*** Records to use Section Begins ***
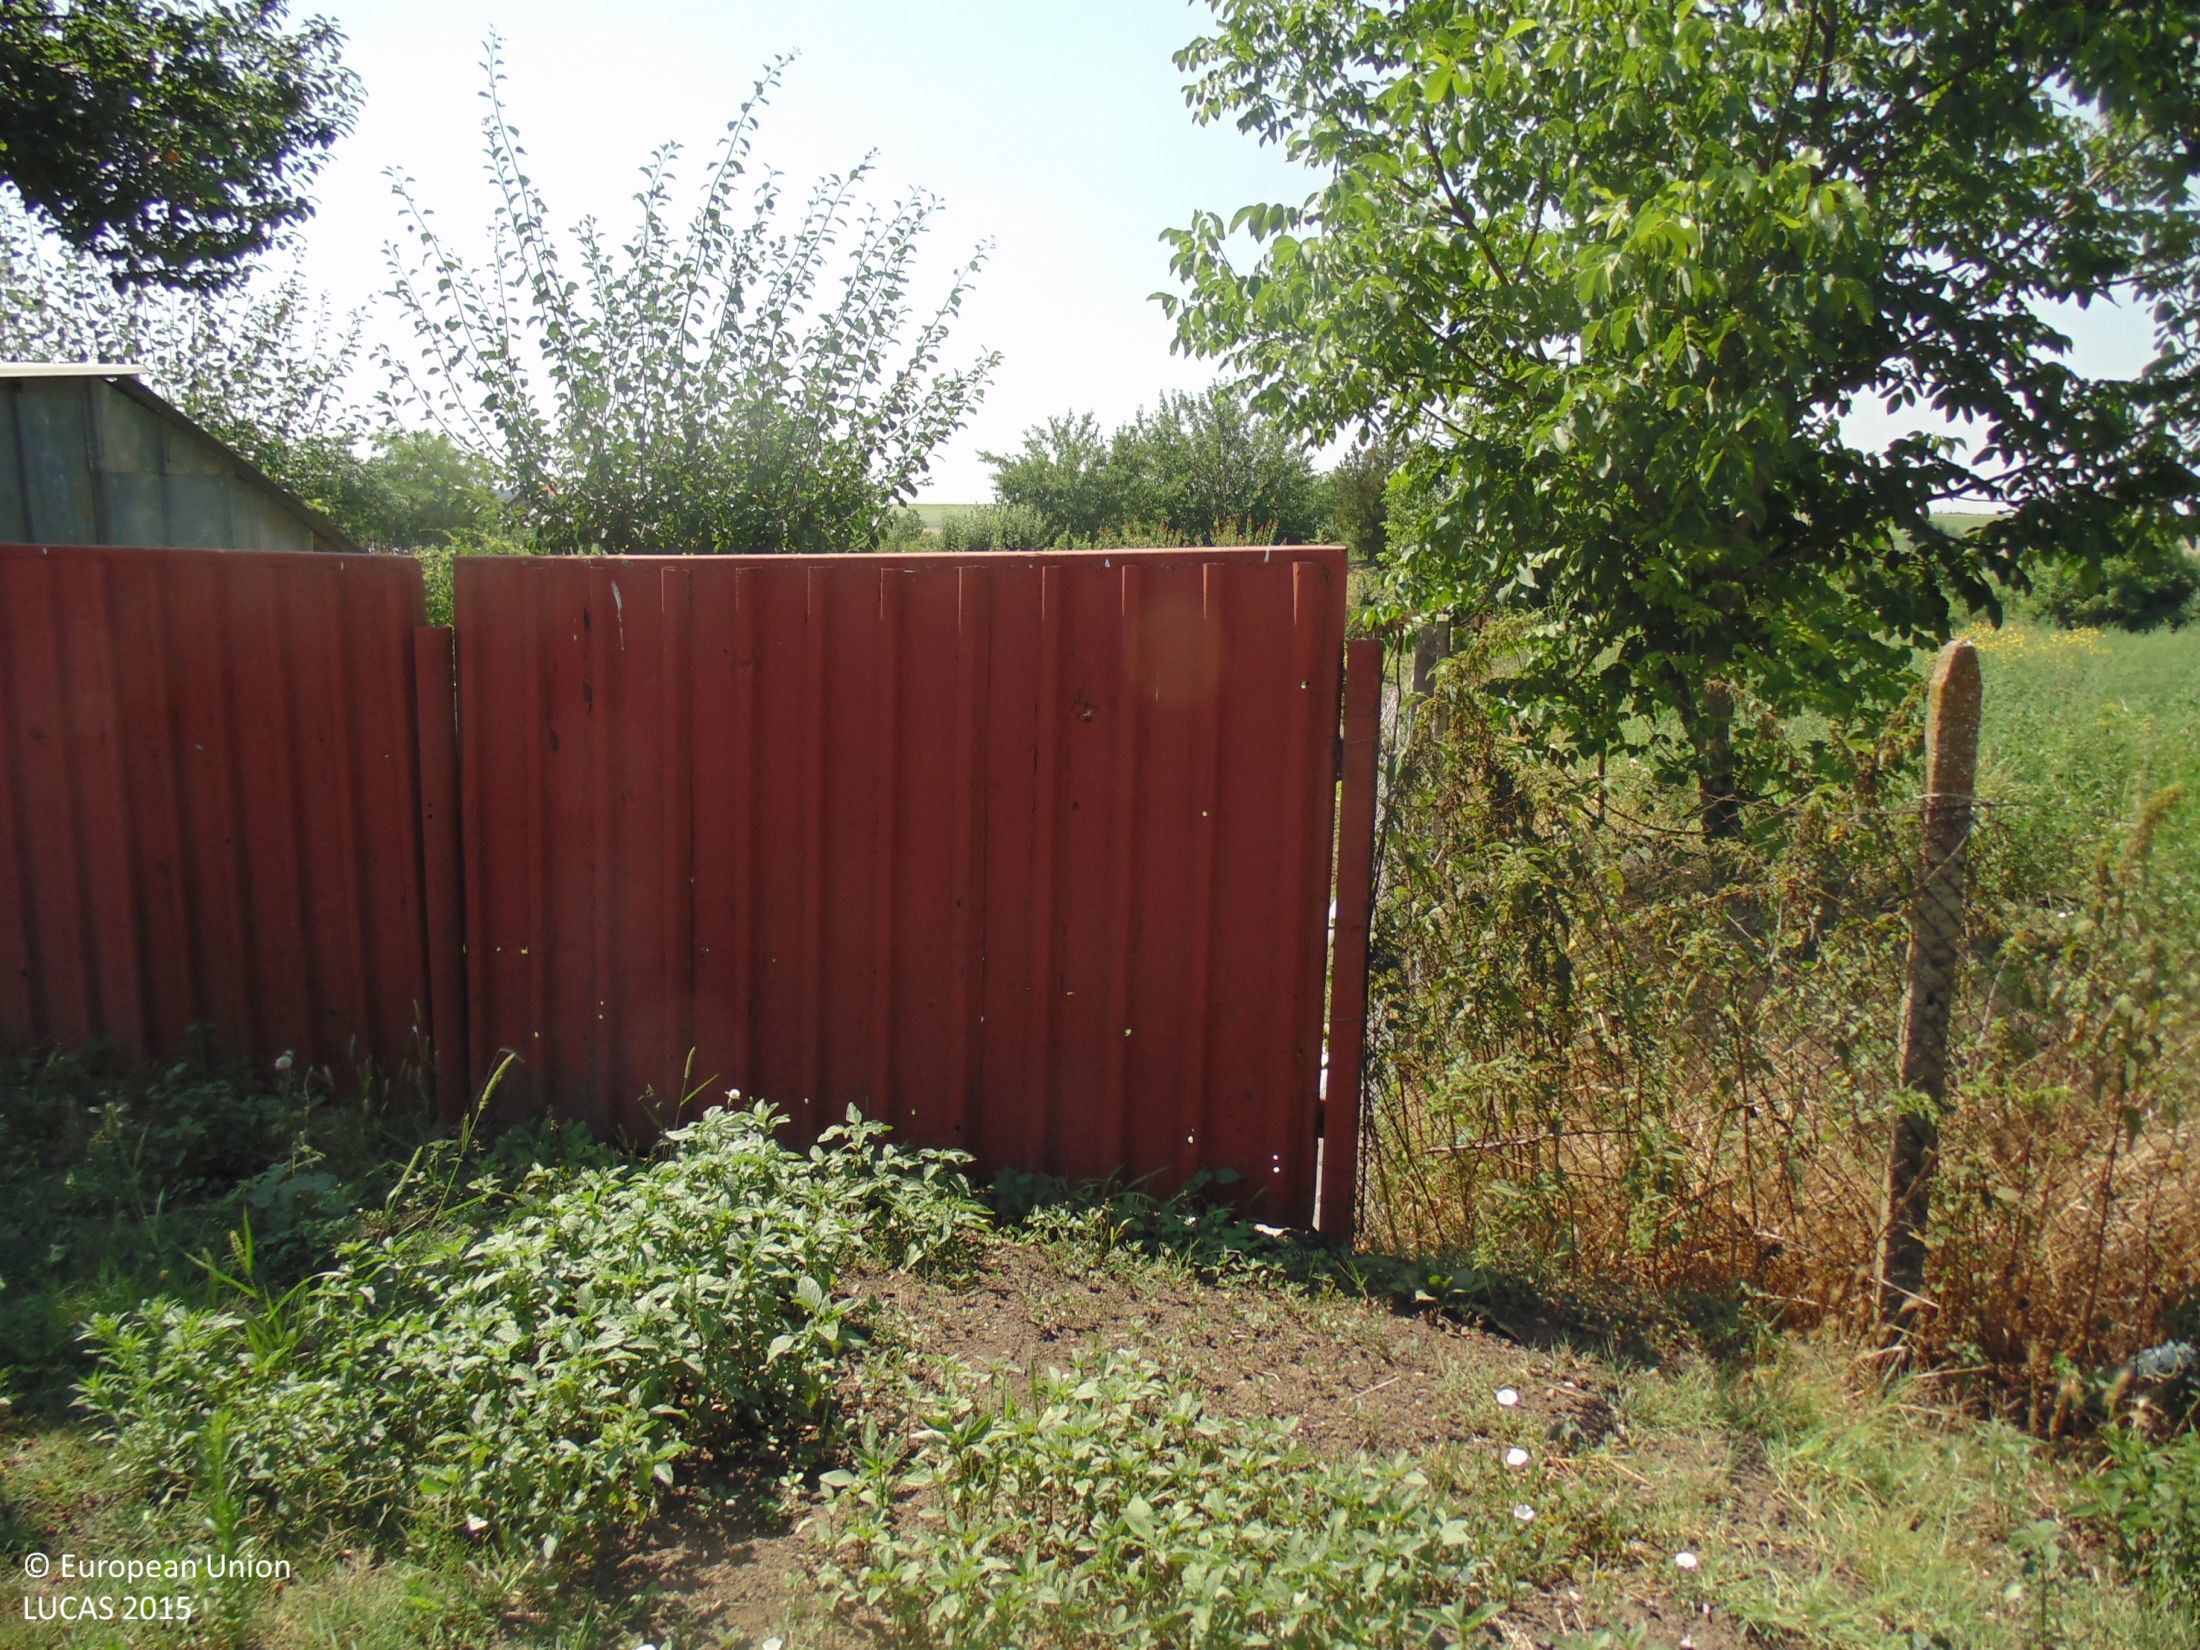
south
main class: Grassland
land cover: Grassland with sparse tree/shrub cover
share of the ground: 50 - 75 %
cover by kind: herbaceous plants 65 %, unconsolidated bare surface 25 %, broadleaved forest trees 5 %, shrubs 5 %
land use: Residential
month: July
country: BG
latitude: 43.6511
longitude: 27.6564
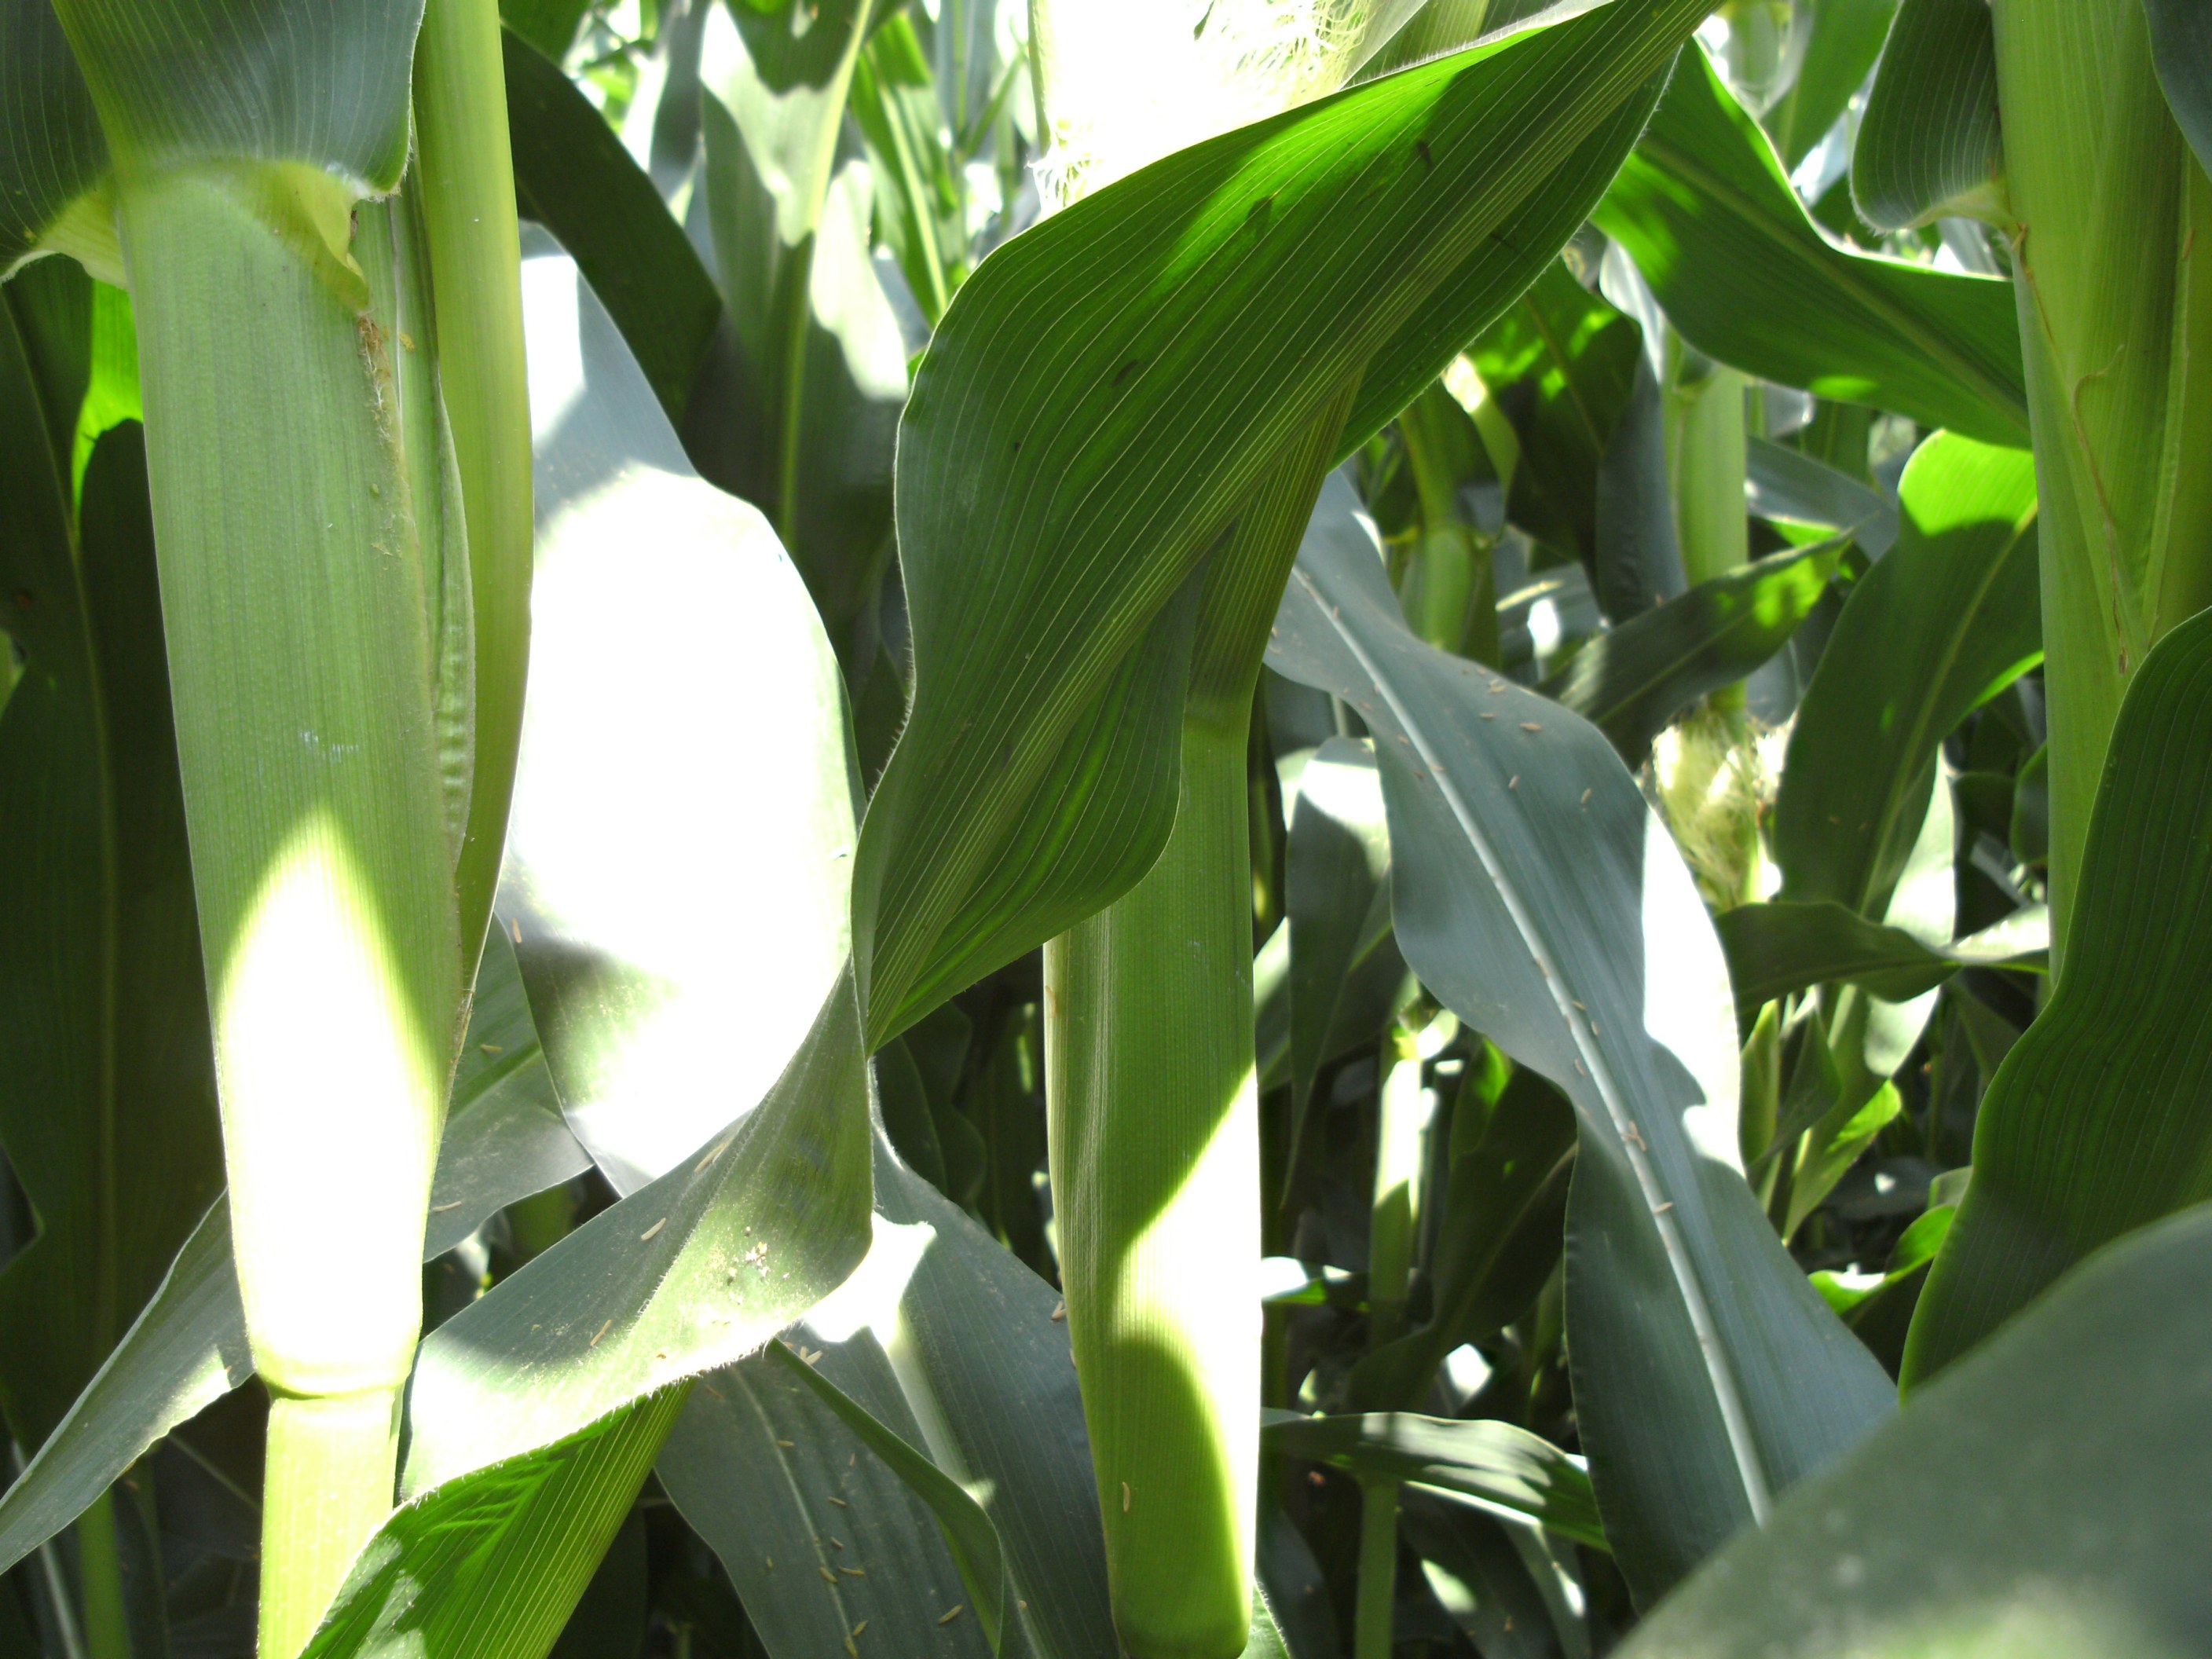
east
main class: Cropland
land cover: Maize
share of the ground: > 75 %
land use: Agriculture (excluding fallow land and kitchen gardens)
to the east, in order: Maize; Shrubland without tree cover; Spruce dominated mixed woodland; Tracks; Spruce dominated mixed woodland; Broadleaved woodland; Tracks; Spruce dominated mixed woodland; Tracks; Spruce dominated mixed woodland; Spruce dominated coniferous woodland; Tracks; Spruce dominated coniferous woodland; Tracks; Spruce dominated mixed woodland; Tracks; Spruce dominated coniferous woodland
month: July
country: AT
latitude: 46.7833
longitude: 14.8316
*** Records to use Section Ends ***
From the first line to the last, write out the data above exactly. Omit the pictures.

_Finished task_
south
main class: Grassland
land cover: Grassland with sparse tree/shrub cover
share of the ground: 50 - 75 %
cover by kind: herbaceous plants 65 %, unconsolidated bare surface 25 %, broadleaved forest trees 5 %, shrubs 5 %
land use: Residential
month: July
country: BG
latitude: 43.6511
longitude: 27.6564
east
main class: Cropland
land cover: Maize
share of the ground: > 75 %
land use: Agriculture (excluding fallow land and kitchen gardens)
to the east, in order: Maize; Shrubland without tree cover; Spruce dominated mixed woodland; Tracks; Spruce dominated mixed woodland; Broadleaved woodland; Tracks; Spruce dominated mixed woodland; Tracks; Spruce dominated mixed woodland; Spruce dominated coniferous woodland; Tracks; Spruce dominated coniferous woodland; Tracks; Spruce dominated mixed woodland; Tracks; Spruce dominated coniferous woodland
month: July
country: AT
latitude: 46.7833
longitude: 14.8316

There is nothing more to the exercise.